警戒心のない少年のような無邪気な笑顔だった。
三度目は学校に教育実習生として来た慶に会った。
:08/11/22 23:59 :P902iS :☆☆☆
#183 [果樹]
驚いたけど優しい笑顔は変わってなかった。
一緒にご飯を食べてモアと遊んで慶が笑っていたあの日々がなんだか懐かしくて・・・。
私は慶との思い出を振り払うように走って家に帰った。
――――・・・
慶が学校を去ってから一週間が過ぎ。
一ヶ月が過ぎ。
二ヶ月が過ぎていった。
:08/11/23 00:00 :P902iS :☆☆☆
#184 [果樹]
私の生活は前に戻った。
何にも関心を持たず干渉せず、過ごしていた。
「暇だなぁ・・・」
今日は日曜日。
出掛ける場所もなく、私は家でソファに寝転びながら呟く。
洗濯も終わって掃除もしてしまいやることが無い私はただぼーっと天井を見つめた。
:08/11/23 00:00 :P902iS :☆☆☆
#185 [果樹]
ピーンポーン
そんな時、部屋の中に人が来たことを告げるチャイムが鳴り響いた。
私はむくっと起き上がりインターホンの受話器を取る。
「はい」
『あの・・・武藤さんですか?』
私は受話器から聞こえた声に驚いて受話器を落としそうになった。
:08/11/23 00:02 :P902iS :☆☆☆
#186 [果樹]
うそ・・・でしょ。
『あの・・武藤さん?』
返事をしない私を不思議に思ってか受話器からは、しきりに私を呼ぶ声が聞こえる。
私はガチャンッと受話器をインターホンに戻し、玄関に走った。
――――・・・
エレベーターを待っている時間も惜しくて私は下に行くボタンを何度も押した。
:08/11/23 00:03 :P902iS :☆☆☆
#187 [果樹]
早くっ早く・・・っ
――――・・・
ガチャとマンションの正面玄関を開けるとそこには私の求めていた人・・・慶がいた。
正面玄関を開けるボタンキーの前で何度も通じることのない部屋の番号を押していた。
「あ・・・」
私に気付くと気まずそうに目線を下に向ける。
:08/11/27 04:09 :P902iS :☆☆☆
#188 [果樹]
私はその態度が頭にきて慶に詰め寄った。
「なんで・・っ。

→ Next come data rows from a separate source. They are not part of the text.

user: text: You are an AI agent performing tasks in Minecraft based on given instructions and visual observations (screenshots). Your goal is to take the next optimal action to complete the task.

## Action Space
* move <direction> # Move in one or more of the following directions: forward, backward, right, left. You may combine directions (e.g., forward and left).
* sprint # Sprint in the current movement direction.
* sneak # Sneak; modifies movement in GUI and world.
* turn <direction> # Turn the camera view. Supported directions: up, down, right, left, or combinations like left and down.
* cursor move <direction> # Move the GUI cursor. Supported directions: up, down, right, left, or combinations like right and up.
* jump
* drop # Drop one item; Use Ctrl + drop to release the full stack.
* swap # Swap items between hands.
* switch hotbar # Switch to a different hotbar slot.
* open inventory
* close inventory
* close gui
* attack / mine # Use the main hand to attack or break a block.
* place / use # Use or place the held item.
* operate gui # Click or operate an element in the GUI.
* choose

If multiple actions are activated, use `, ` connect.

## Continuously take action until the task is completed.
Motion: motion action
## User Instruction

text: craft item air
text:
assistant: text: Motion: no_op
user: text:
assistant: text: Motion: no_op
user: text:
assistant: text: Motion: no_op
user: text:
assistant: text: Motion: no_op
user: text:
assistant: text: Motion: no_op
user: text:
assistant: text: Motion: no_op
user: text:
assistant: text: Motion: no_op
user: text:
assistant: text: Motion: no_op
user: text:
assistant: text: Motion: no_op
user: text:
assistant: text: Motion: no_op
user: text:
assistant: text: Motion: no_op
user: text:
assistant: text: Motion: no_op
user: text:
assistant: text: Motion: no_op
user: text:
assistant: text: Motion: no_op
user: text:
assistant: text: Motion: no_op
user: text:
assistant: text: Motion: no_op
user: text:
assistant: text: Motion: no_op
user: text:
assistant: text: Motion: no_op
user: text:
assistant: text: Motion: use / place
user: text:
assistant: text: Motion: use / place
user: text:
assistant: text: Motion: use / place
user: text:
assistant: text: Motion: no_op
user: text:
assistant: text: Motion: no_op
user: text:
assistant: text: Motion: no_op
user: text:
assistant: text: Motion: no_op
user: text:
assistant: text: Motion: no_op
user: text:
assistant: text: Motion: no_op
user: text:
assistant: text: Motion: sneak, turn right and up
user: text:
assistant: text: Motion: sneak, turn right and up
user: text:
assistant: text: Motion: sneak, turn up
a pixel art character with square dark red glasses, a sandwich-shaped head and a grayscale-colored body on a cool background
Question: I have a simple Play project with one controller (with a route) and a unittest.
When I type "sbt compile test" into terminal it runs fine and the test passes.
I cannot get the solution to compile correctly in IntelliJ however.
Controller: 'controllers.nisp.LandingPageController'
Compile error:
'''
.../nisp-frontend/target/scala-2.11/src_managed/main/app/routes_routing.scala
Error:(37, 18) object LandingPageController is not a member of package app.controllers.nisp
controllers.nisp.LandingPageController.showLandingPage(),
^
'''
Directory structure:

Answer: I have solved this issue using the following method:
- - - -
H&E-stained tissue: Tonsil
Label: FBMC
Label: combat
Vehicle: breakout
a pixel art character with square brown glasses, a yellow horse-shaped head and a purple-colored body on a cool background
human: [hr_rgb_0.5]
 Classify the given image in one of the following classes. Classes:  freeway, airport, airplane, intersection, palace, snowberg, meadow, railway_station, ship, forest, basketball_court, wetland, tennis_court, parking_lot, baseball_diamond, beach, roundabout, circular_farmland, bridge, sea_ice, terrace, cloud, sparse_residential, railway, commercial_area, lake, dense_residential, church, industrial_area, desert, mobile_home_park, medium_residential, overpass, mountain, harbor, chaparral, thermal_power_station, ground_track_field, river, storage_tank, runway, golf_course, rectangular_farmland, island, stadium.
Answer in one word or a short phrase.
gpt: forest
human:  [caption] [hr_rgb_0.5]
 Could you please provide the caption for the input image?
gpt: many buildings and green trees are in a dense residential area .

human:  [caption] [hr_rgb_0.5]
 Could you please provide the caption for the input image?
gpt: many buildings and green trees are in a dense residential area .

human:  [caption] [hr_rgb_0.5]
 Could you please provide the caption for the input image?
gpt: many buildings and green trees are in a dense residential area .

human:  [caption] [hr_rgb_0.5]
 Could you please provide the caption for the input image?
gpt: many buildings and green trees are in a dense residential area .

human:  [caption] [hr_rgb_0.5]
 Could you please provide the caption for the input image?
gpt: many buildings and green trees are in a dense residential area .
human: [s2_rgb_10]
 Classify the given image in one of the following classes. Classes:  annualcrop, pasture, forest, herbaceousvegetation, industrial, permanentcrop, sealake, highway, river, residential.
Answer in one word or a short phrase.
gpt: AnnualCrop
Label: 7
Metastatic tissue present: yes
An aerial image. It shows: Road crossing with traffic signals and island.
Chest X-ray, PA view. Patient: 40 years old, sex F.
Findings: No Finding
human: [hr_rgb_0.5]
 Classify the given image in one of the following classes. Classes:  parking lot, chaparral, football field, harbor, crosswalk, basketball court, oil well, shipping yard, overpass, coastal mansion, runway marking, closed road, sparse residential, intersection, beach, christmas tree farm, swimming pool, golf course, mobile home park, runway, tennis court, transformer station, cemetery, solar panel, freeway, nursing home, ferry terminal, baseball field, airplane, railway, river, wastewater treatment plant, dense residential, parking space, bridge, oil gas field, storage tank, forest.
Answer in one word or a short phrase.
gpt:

何で今まで来なかったの?学校では避けるし電話はすぐ切るし。今更になって何で・・」
「すみません・・」
慶の胸ぐらを掴み揺さぶる私に慶は謝る。
「すみませんじゃない!学校はさっさと辞めて大学に帰るし。あんたの為に作ったご飯は無駄になっちゃうしモアは寂しがるし。今頃になっていきなり何よ・・!」
:08/11/27 04:11 :P902iS :☆☆☆
#189 [果樹]
一気に巻くし立てたせいで私は息が荒くなる。
「あの・・怒るのは最もなんだけどとりあえず場所変えない?」
「え?!」
慶の言葉で周りを見て私は硬直する。
ここはマンションの真ん前。
目の前には多くの通行人。
:08/11/27 04:11 :P902iS :☆☆☆
#190 [果樹]
公道に面するこのマンションの前であんな大声を張り上げたものだから私達はいつのまにか注目の的となっていた。
流石にこの場での言い争いはまずいと判断した私は慶を部屋にあげることにした。
――――・・・
「はいどーぞ」
コトンとコーヒーが入ったマグカップを置くと慶がペコっと頭をさげる。